Wrong: Non-breaking space, No-width optional break, No-width no break
Correct: No-Break Space, Zero Width Space, Word Joiner

(d) Page “Preventing Hyphenation of Specific Words”
Wrong: No-width no break. Correct: Word Joiner

(e) Page “Hyphenation”:
Inserting of Soft Hyphen is described as manual hyphenation.

German pages:

(f) Page “Ausschalten der Silbentrennung für bestimmte Wörter”:
Wrong: Verbindungszeichen ohne Breite, Correct respective Wikipedia: Wortverbinder

(g) Page “Formatierungszeichen”
Wrong: Leerzeichen ohne Breite, Verbindungszeichen ohne Breite, Links nach rechts-Markierung, Rechts nach links Markierung
Correct respective Wikipedia: Breitenloses Leerzeichen, Wortverbinder, Links-nach-rechts-Zeichen, Rechts-nach-links-Zeichen
Comment 6 Svante Schubert 2019-08-03 18:44:21 UTC
Created attachment 153120 [details]
ODT inserting formatting characters and a screenshot with German LO GUI

    • 'zero-width' should not be layouted similar to a comma
    • 'zero-width' should be named instead in German 'Breitenloses Leerzeichen'
    • 'word joiner' should be named instead in German 'Nullbreite'

by LO Version: (x64)
Build-ID: 5896ab1714085361c45cf540f76f60673dd96a72
CPU-Threads: 8; BS: Windows 10.0; UI-Render: Standard; 
Gebietsschema: de-DE (de_DE); Calc: CL

Screenshots within the document! :-)

Comment 7 Harald Koester 2019-08-14 12:32:53 UTC
(In reply to Svante Schubert from comment #6)

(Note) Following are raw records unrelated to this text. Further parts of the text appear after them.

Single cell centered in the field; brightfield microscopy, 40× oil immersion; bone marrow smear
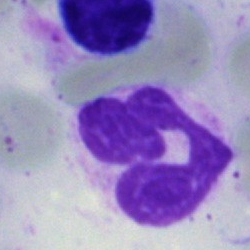

Polymorphonuclear neutrophil.
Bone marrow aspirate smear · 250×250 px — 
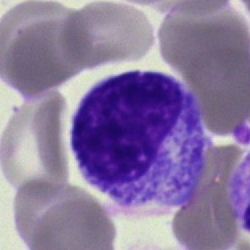

Specimen: bone marrow smear.
Classification: myelocyte.
Lineage: myeloid.
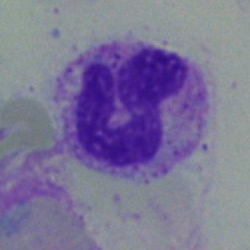 Showing a stab cell.
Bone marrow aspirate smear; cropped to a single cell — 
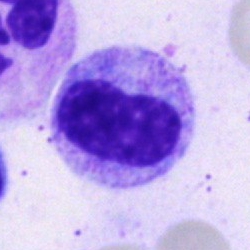 Q: Which cell type is shown here?
A: This is a metamyelocyte.
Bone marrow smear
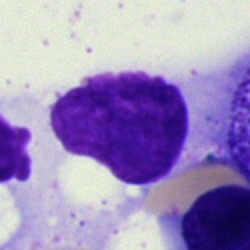 Impression — artefact.
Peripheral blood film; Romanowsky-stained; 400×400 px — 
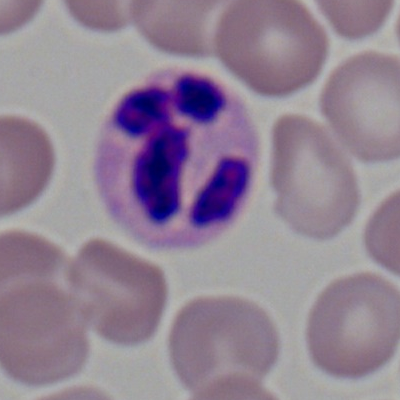Classification: polymorphonuclear neutrophil.
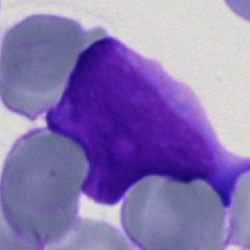
Impression — blast.
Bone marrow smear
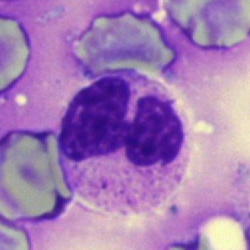
Morphology — polymorphonuclear neutrophil.
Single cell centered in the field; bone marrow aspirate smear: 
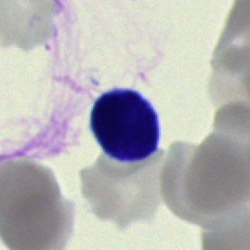

Cell type = lymphocyte.
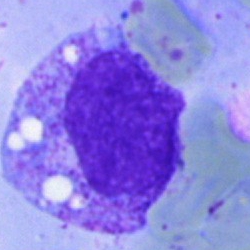Morphological class: myelocyte.
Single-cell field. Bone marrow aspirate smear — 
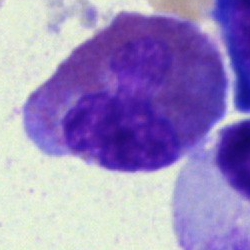

Morphology consistent with an eosinophilic granulocyte.
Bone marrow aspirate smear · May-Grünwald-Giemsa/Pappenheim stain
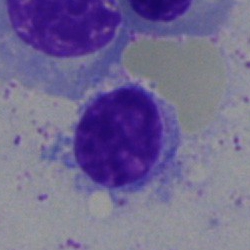
The morphological class is typical lymphocyte.
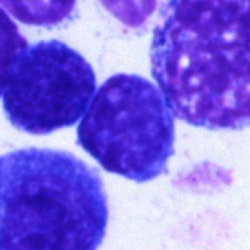
The morphological class is lymphocyte.
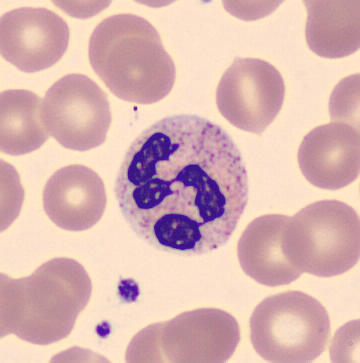
Peripheral blood film.

Classification — polymorphonuclear neutrophil.
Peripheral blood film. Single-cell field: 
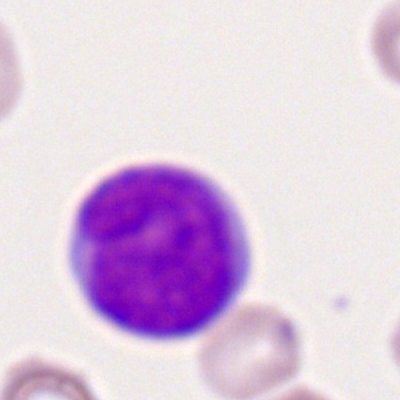

Q: What is shown here?
A: Myeloid blast.
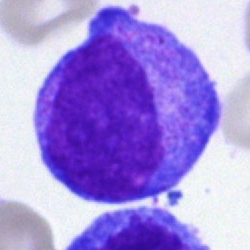
Impression — promyelocyte.
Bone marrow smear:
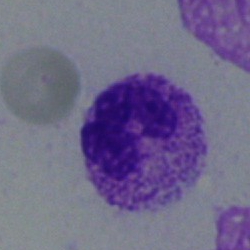 The morphological class is polymorphonuclear neutrophil.
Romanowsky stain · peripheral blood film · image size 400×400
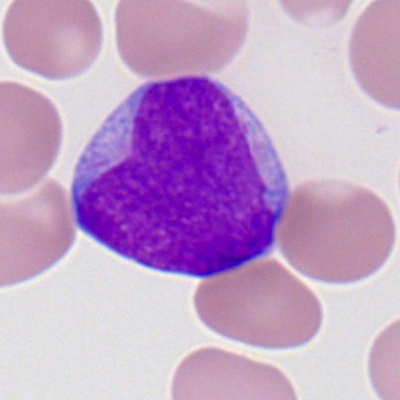

Impression — myeloid blast.
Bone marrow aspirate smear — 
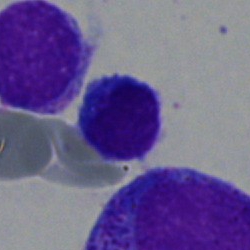Classification: lymphocyte.
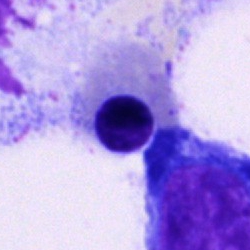

Q: What is shown here?
A: It is a nucleated red cell.
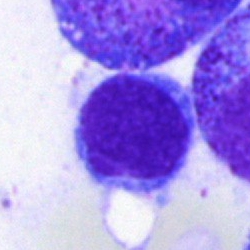 Cell type: lymphocyte.
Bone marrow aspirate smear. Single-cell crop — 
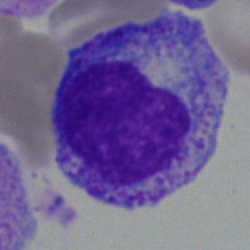
Morphology consistent with a progranulocyte.
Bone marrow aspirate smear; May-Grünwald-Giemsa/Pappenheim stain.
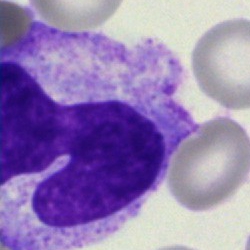 The morphological class is monocyte.
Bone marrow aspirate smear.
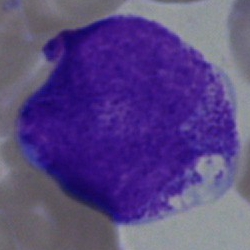
Showing a promyelocyte.
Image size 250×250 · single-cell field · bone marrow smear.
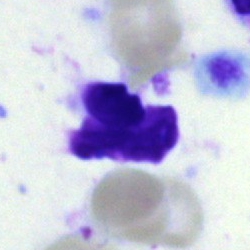Cell = myelocyte.
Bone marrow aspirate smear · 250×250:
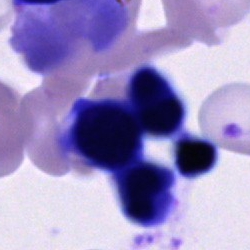

Unidentifiable cell.
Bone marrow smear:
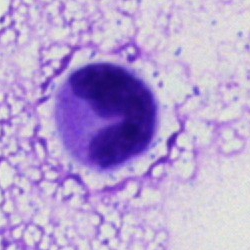The cell shown is a polymorphonuclear neutrophil.
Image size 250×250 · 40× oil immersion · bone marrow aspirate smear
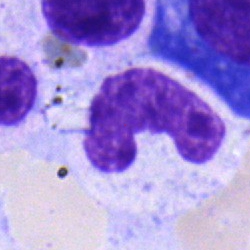Showing a stab cell.
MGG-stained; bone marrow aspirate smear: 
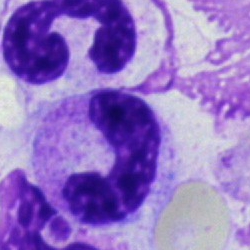

Morphological class — stab cell.
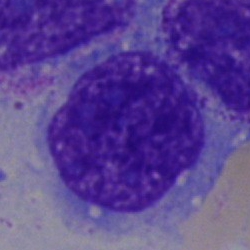Q: What is shown here?
A: It is a blast.
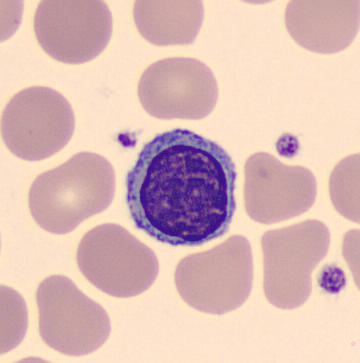
Typical lymphocyte.

Peripheral blood smear; single-cell crop.
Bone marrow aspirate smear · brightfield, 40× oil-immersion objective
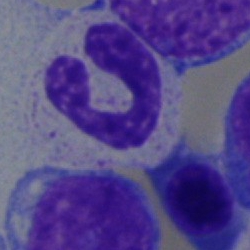Specimen: bone marrow aspirate smear.
Cell type: neutrophil (band).
Lineage: myeloid.
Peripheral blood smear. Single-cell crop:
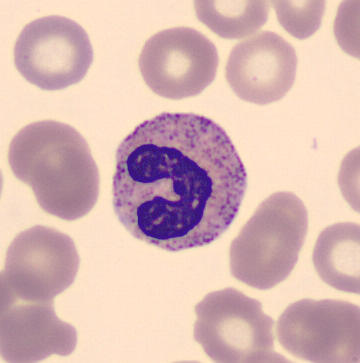
Specimen: peripheral blood smear.
Classification: neutrophil (band).
Lineage: myeloid.
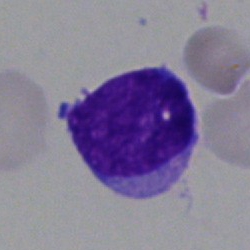An undifferentiated blast.
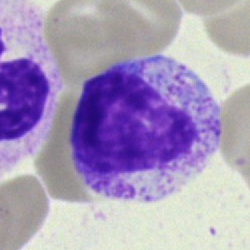

Impression → myelocyte.
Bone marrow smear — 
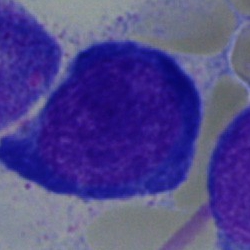Specimen: bone marrow aspirate smear.
Cell type: pronormoblast.
Lineage: erythroid.
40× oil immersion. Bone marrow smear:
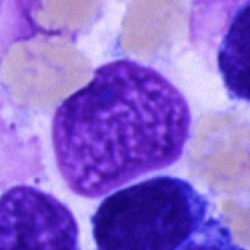 Unidentifiable cell.
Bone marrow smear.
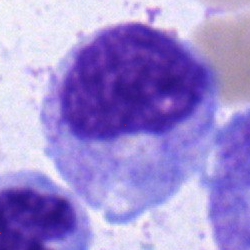Showing a myelocyte.
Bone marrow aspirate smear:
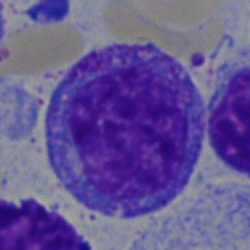 The classification is promyelocyte.
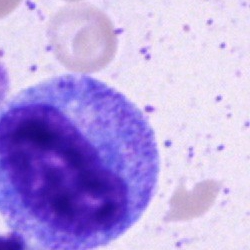
Cell — progranulocyte.
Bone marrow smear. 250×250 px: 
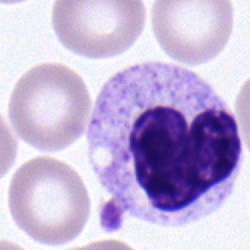The cell shown is a band-form neutrophil.
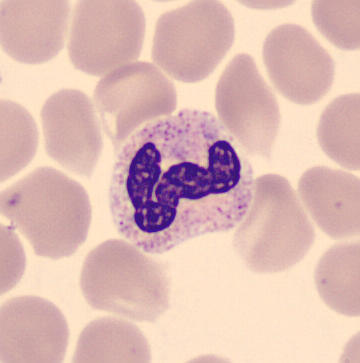Q: What is the morphological classification of this cell?
A: This is a band neutrophil.
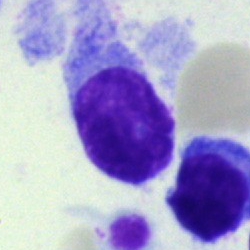Morphological class: hairy cell.
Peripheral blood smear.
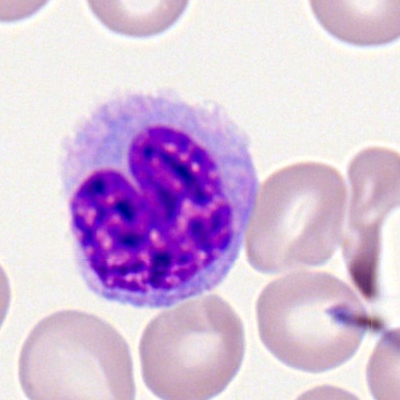Monocyte.
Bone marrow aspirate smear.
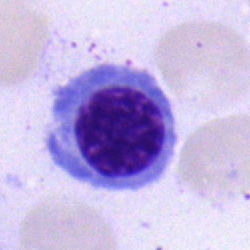
Q: Identify the cell.
A: It is an erythroblast.
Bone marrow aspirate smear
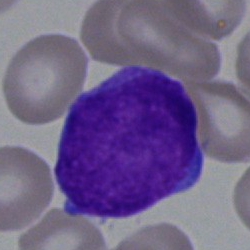Specimen: bone marrow smear.
Cell: blast cell.

>     • 'zero-width' should not be layouted similar to a comma
>     • 'zero-width' should be named instead in German 'Breitenloses
> Leerzeichen'
I suppose you mean the formatting mark "Zero Width Space" (U+200B). In this case the term "Breitenloses Leerzeichen" is correct. Currently LibreOffice (version 6.3.0) uses the term "No-width Optional Break" in English and "Weicher Umbruch ohne Breite" in German. Both are not correct.

>     • 'word joiner' should be named instead in German 'Nullbreite'
For the "Word Joiner" (U+2060) LibreOffice currently (version 6.3.0) uses the terms "No-width no Break" in English and "Verbindungszeichen ohne Breite" in German. In the German Wikipedia there is no seperate article for the Word Joiner. But in 
the term "Wortverbinder" is used. Hence I proposed this term in comment 3. In the Internet I did not find the term "Nullbreite" as a translation of the "Word Joiner". Hence I still propose to use the term "Wortverbinder".